Tra i tanti passatempi vi era anche il carròcciolo o carretta, che consisteva in un piano di tavola con uno sterzo, che si muoveva all’inizio con ruote di legno quindi con dei cuscinetti a sfera. Ci si spostava a turno in quanto procedeva solo a forza di spinte. Era un trastullo per lo più riservato ai piccoli. I grandicelli godevano di altro mezzo meccanico più efficiente, la bicicletta. Ce n’erano di tutte le grandezze dai Pappalardo, dove ai pomeriggi si faceva sovente gran ressa. L’affitto era a tempo determinato, un quarto d’ora, mezz’ora e all’uopo si pagava una cifra prestabilita. Ma che succedeva? Che spesso i marioli, una volta saliti sul mezzo e presoci gusto, se ne dimenticavano e oltrepassavano l’orario fissato. Che fare? Di soldi in più non ce n’erano nelle tasche, quindi cosa rimaneva? Portare furtivamente le biciclette vicino alla porta, spesso buttandole a terra per la fretta e darsela subito a gambe. E i noleggiatori richiamati fuori dal rumore a inveire: figghiu di bona mamma, se ti pigghiu…!

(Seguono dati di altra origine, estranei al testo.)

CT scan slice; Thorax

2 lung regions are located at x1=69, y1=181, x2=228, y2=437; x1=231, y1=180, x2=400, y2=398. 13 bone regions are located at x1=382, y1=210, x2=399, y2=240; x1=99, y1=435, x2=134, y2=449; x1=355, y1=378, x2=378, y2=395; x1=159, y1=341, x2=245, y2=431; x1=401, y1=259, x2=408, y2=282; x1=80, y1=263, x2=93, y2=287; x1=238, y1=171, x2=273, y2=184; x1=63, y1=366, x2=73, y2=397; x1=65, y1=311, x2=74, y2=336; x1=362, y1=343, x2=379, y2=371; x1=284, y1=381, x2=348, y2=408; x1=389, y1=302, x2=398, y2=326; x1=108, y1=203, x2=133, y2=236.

La notte in piazzetta comunque si concludeva in bellezza. Attorno alla monumentale vasca opera del prefato Barca distrutta nel periodo post-bellico da insipienza democristiana in quanto in alcuni tratti si rilevava il fascio littorio, si portavano gruppi di baldi giovani che con strumenti popolari (fisarmoniche, chitarre, clarino, sassofono) e stentoree voci allietavano allegramente (fratelli Cecè e Mario Simone, Ninì e Peppe Polistena, Peppe Violi, Vincenzo Epifanio …). Il cavallo di battaglia di quest’ultimo era la popolarissima Casetta tra gli abeti. Al ritornello Amore, amore, or che il roseto è in fiore ascolta la mia trepida preghiera… esprimeva la sua massima potenza vocale.